Despite the idea's initial dismissal, the presence of chromosomal abnormalities in 90 percent of cancers remained a prominent characteristic. Researchers recognized the abnormal chromosome numbers but were uncertain about their significance. The difficulty in studying this phenomenon contributed to its neglect in cancer research.

CRISPR Hack for Chromosome Engineering 

In the recent study, scientists employed a CRISPR hack to unravel the mystery surrounding chromosomal abnormalities.To do full-scale chromosome engineering, Jason Sheltzer, a cancer biologist at Yale School of Medicine, and his team had to deploy a CRISPR hack. First, they inserted a gene from the herpes virus onto a cancer cell's extra chromosomes. Initially, they chose chromosome 1q, which is one of the first to gain or lose extra copies during the development of breast cancer.

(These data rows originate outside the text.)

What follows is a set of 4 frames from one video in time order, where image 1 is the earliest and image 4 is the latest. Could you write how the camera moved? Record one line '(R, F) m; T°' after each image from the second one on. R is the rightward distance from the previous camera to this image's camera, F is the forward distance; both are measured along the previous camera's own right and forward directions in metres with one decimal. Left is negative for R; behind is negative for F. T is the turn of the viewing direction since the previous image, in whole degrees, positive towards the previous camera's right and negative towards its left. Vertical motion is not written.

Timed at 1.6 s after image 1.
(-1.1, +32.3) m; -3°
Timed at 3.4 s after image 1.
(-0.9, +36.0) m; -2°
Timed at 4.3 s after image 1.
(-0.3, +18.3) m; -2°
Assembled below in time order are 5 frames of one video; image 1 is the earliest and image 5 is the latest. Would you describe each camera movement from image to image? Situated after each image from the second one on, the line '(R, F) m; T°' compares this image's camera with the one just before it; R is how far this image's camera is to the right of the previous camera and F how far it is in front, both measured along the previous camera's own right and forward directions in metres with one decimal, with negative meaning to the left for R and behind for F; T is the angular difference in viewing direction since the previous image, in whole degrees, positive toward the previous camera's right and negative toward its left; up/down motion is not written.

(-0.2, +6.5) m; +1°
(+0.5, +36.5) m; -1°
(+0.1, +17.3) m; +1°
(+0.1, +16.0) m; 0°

CRISPR (Clustered Regularly Interspaced Short Palindromic Repeats) is a revolutionary gene-editing tool that has garnered significant attention in the scientific community. It is derived from a natural defense mechanism found in bacteria, where it helps protect against viral infections.

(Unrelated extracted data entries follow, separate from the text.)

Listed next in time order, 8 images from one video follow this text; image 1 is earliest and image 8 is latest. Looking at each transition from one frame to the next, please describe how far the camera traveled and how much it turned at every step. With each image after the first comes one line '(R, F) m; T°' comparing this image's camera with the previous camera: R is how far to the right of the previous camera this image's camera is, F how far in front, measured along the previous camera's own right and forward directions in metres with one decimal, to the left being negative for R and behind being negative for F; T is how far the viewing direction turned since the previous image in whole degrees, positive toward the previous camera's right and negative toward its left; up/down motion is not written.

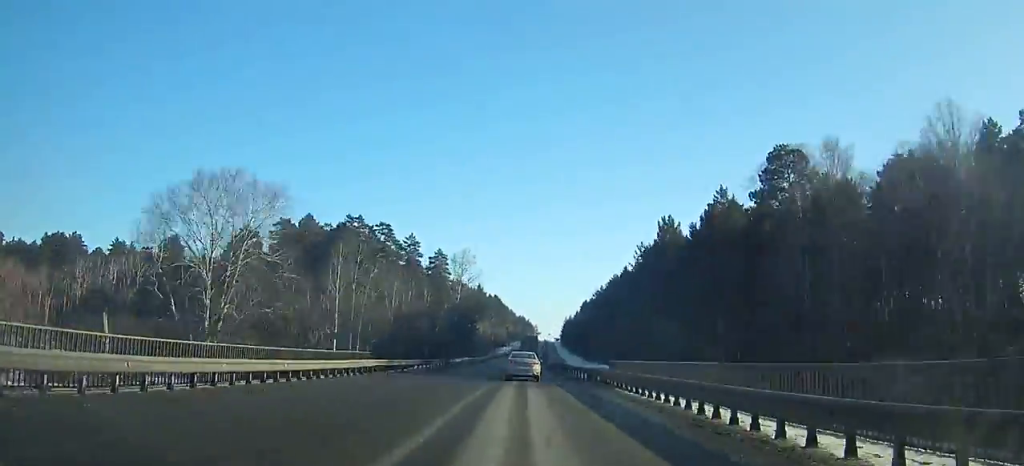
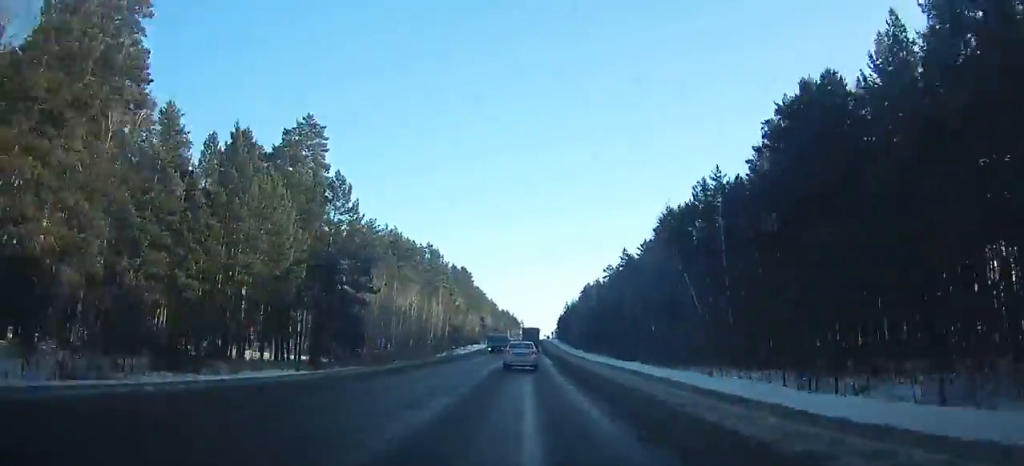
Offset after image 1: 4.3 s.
(+0.7, +92.6) m; +1°
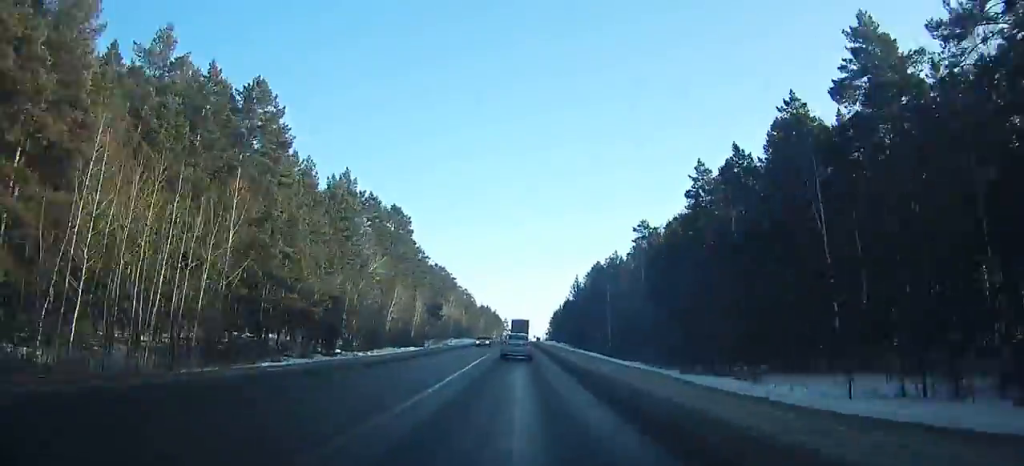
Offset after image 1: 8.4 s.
(+0.9, +85.1) m; +1°
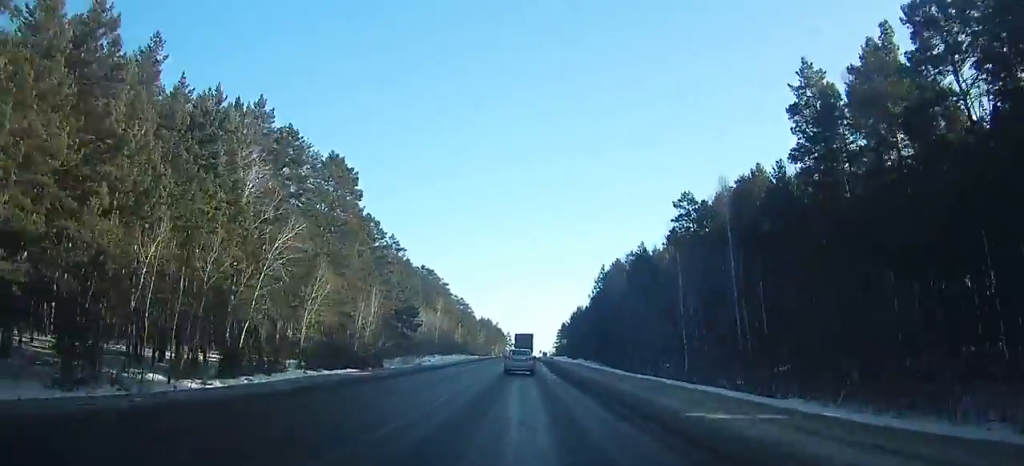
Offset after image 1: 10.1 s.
(0.0, +34.5) m; 0°
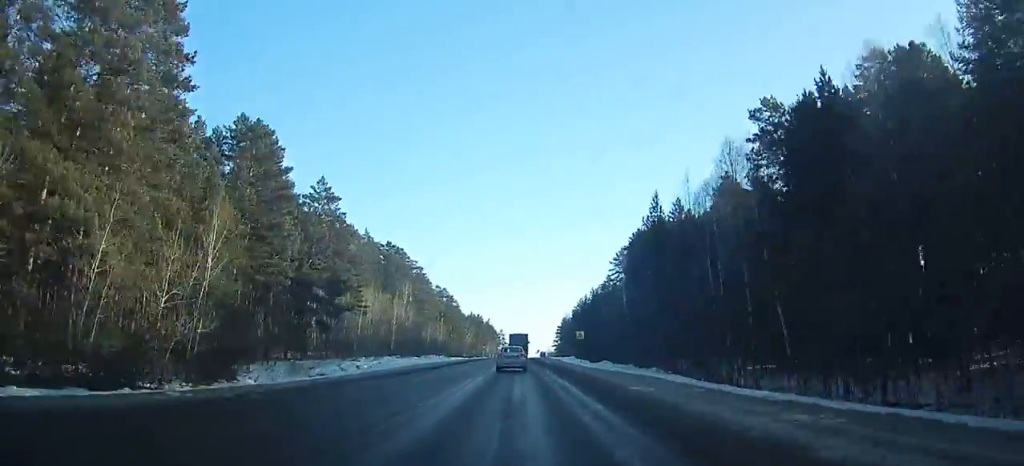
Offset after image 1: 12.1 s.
(0.0, +39.6) m; 0°
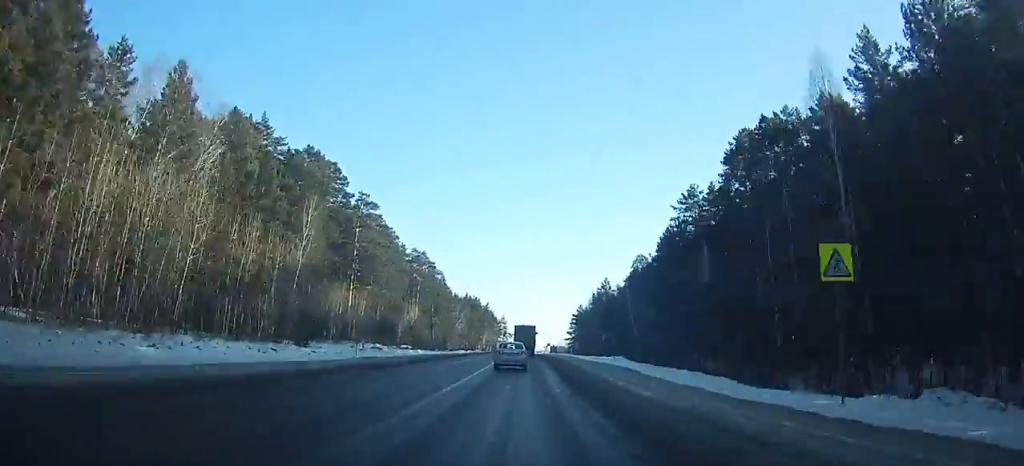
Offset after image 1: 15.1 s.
(-0.1, +57.8) m; 0°
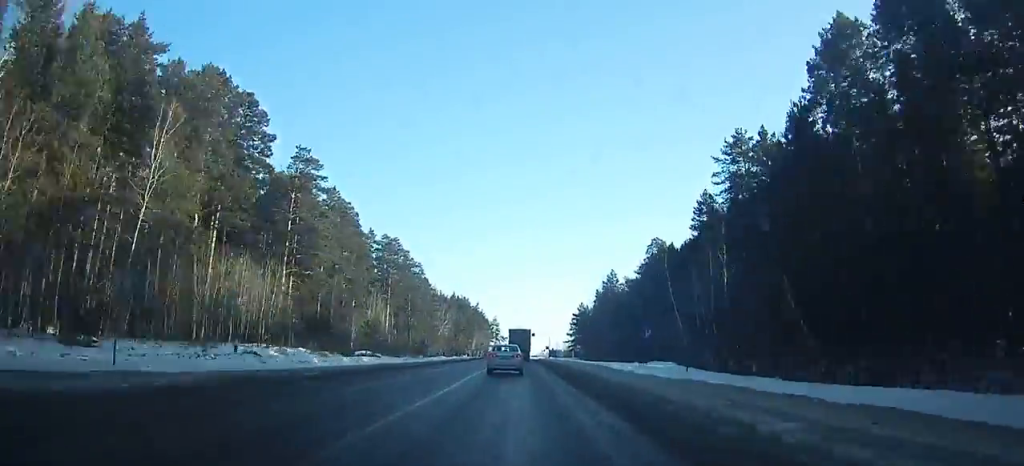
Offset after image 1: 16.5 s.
(0.0, +26.4) m; 0°
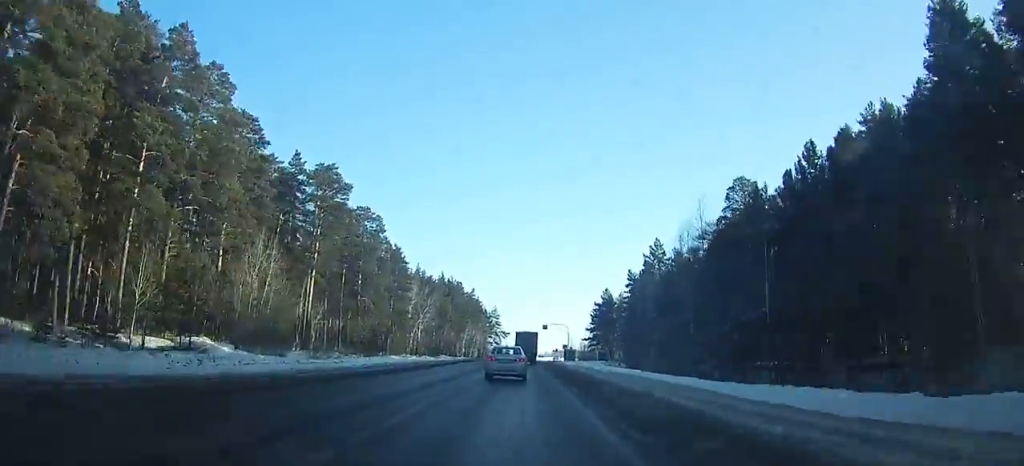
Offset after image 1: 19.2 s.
(0.0, +49.0) m; 0°

Confirming Chromosomes as Cancer Drivers 

The innovative approach used by Sheltzer and his team provided clear evidence that extra chromosomes are not just an effect but a driver of cancer. By selectively targeting and modifying the extra chromosomes in cancer cells, they demonstrated that the resulting cells were no longer capable of forming tumors. This breakthrough confirms the long-standing hypothesis and highlights the significance of chromosomal abnormalities in cancer development.

New Avenues for Cancer Treatment 

While the current technique is still a tool rather than a therapy, it offers a new perspective on targeting cancer. By identifying and targeting cells with extra chromosomes, researchers can potentially develop drugs that specifically kill these cells. Chromosomes contain numerous genes, suggesting that this approach could expand the range of targets for cancer treatment. Even if cancer cells develop resistance by losing their extra chromosomes, it may also eliminate their cancer-causing ability.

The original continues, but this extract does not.